A loss function for optimization with optional aggregation. Extends Function with aggregation specification for per-element losses.

LossFunctionName

datamodel.schema.LossFunctionName()

Matrix

datamodel.schema.Matrix(
    label=None,
    description=None,
    dataLocation=None,
    x=None,
    y=None,
    values=empty_list(),
    format=None,
    shape=empty_list(),
    dtype='float32',
)

Adjacency matrix of a network.

MeasureSpec

datamodel.schema.MeasureSpec(
    name=None,
    task_iri=None,
    concept_iri=None,
    unit=None,
    measure_type=None,
    description=None,
)

Metadata for one phenotype measure.
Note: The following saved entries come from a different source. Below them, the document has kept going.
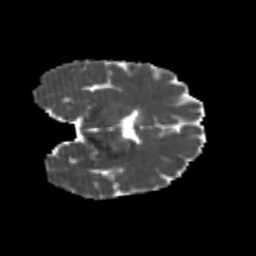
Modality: MD
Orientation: coronal
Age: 25
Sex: female
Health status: healthy
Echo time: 0.074 s
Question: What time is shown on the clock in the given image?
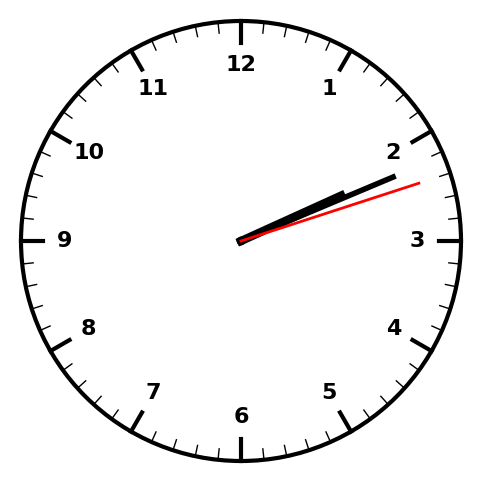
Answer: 02:11:12
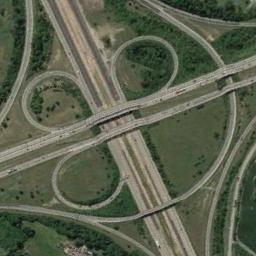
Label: overpass
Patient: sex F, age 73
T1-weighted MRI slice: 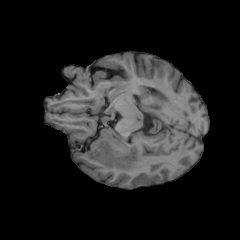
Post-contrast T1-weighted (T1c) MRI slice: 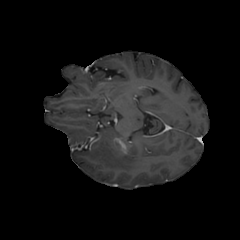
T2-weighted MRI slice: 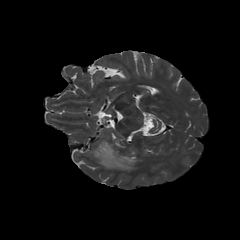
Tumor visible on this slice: yes
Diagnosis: Glioblastoma, IDH-wildtype
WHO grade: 4
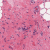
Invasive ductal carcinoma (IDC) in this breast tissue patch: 0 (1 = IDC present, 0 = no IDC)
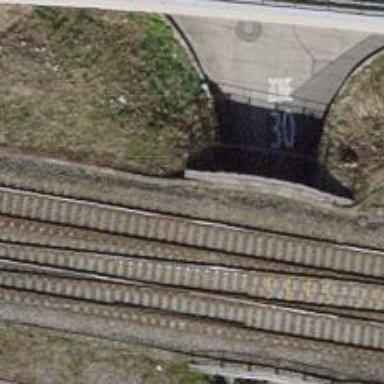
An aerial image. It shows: Bridge over electrified railway with contact line.
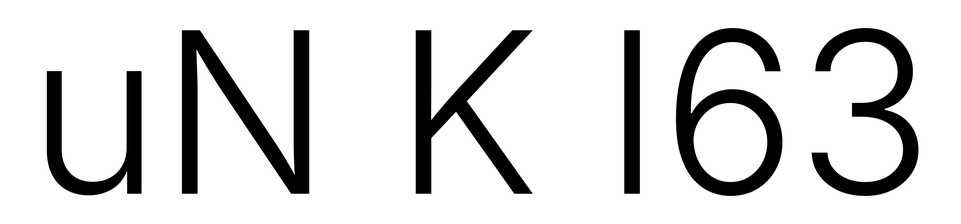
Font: Inter_Light
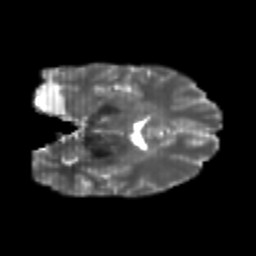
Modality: T2w
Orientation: coronal
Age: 20
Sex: female
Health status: healthy
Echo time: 0.074 s
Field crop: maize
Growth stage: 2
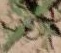
Species: atriplex
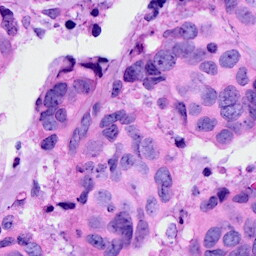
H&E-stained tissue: Breast
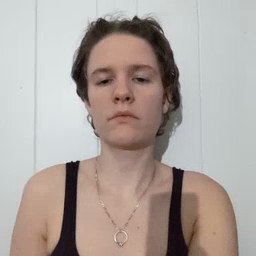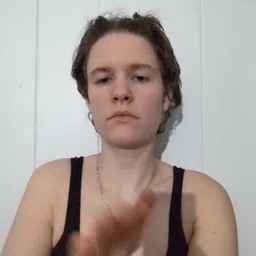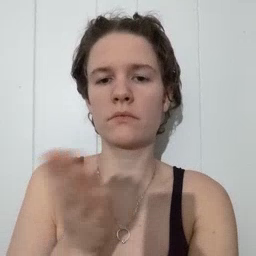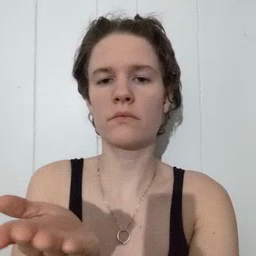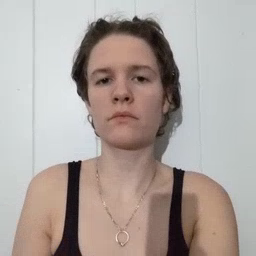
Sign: book

Optional per-measure entry on Phenotype.measure_specs.

Mesh

datamodel.schema.Mesh(
    label=None,
    description=None,
    dataLocation=None,
    element_type=None,
    coordinates=empty_list(),
    elements=None,
    coordinate_space=None,
    mesh_file=None,
    mesh_format=None,
    number_of_vertices=None,
    number_of_elements=None,
    parcellation=None,
    normals=None,
    curvature=None,
    vertices_field=None,
    parcel_map_field=None,
)

Triangle (or higher-order) mesh geometry. May stand alone (via mesh_file pointing at an external GIFTI/VTK/MSH file) OR be inlined on a Network as Network.mesh. In the inlined-on-Network case, the vertices are the parent Network’s nodes/coordinates (so coordinates here may be left empty), the faces live in the same h5 companion under a path given by elements (default mesh/faces), and optional per-vertex normals / curvature live alongside. The optional parcel_map_field points at the parent Network’s per-vertex parcel-id array (default nodes/parent_index from the hierarchical-Network pattern, see Network.qmd §7.1).

ModelParadigm

datamodel.schema.ModelParadigm()

Computational paradigm or modeling approach supported by the tool.

ModelType

datamodel.schema.ModelType()

Coarse classification of a Dynamics model by its mathematical/biological origin. Used for filtering and display in list_db().

NDArray

datamodel.schema.NDArray(
    label=None,
    description=None,
    shape=empty_list(),
    dtype=None,
    dataLocation=None,
    unit=None,
)

NamedArray

datamodel.schema.NamedArray(
    name=None,
    shape=empty_list(),
    dtype='float32',
    unit=None,
    description=None,
)

A named numeric array. Used as a sidecar slot value where a schema-typed object (e.g. ExperimentResult.parameters) holds multiple arrays addressable by name (w_LRE, w_FFI, J_i, …). The actual numeric data lives in the companion .h5 at parameters/<name>; the YAML carries only the descriptor.

Network

datamodel.schema.Network(
    label=None,
    description=None,
    parameters=empty_dict(),
    nodes=empty_list(),
    edges=empty_list(),
    primary_weight=None,
    coupling=empty_dict(),
    dynamics=empty_dict(),
    node_template=None,
    edge_template=None,
    number_of_nodes=None,
    coordinate_space=None,
    parcellation=None,
    tractogram=None,
    mesh=None,
    transforms=empty_dict(),
    data_file=None,
    descriptor=None,
    bids_dir=None,
    bids=None,
    structural_measures=empty_list(),
    observational_measures=empty_list(),
    provenance=None,
    parent_network=None,
    node_mapping=None,
    distance_unit='mm',
    time_unit='ms',
    edge_matrix_files=empty_list(),
    graph_generator=None,
)

Network specification with nodes, edges, and reusable coupling configurations. Supports both explicit node/edge representation and matrix-based connectivity (Connectome compatibility).

Node

datamodel.schema.Node(
    id=None,
    label=None,
    description=None,
    parameters=empty_dict(),
    record=True,
    dynamics=None,
    position=None,
    region=None,
    state=empty_dict(),
    events=empty_dict(),
    subnetwork=None,
)

A node in a network with its own dynamics and properties

Noise

datamodel.schema.Noise(
    parameters=empty_dict(),
    equation=None,
    noise_type='gaussian',
    correlated=False,
    gaussian=False,
    additive=True,
    seed=42,
    random_state=None,
    intensity=None,
    distribution=None,
    function=None,
    pycode=None,
    targets=empty_dict(),
)

NoiseType

datamodel.schema.NoiseType()

NumericalDiscretizationMethod

datamodel.schema.NumericalDiscretizationMethod()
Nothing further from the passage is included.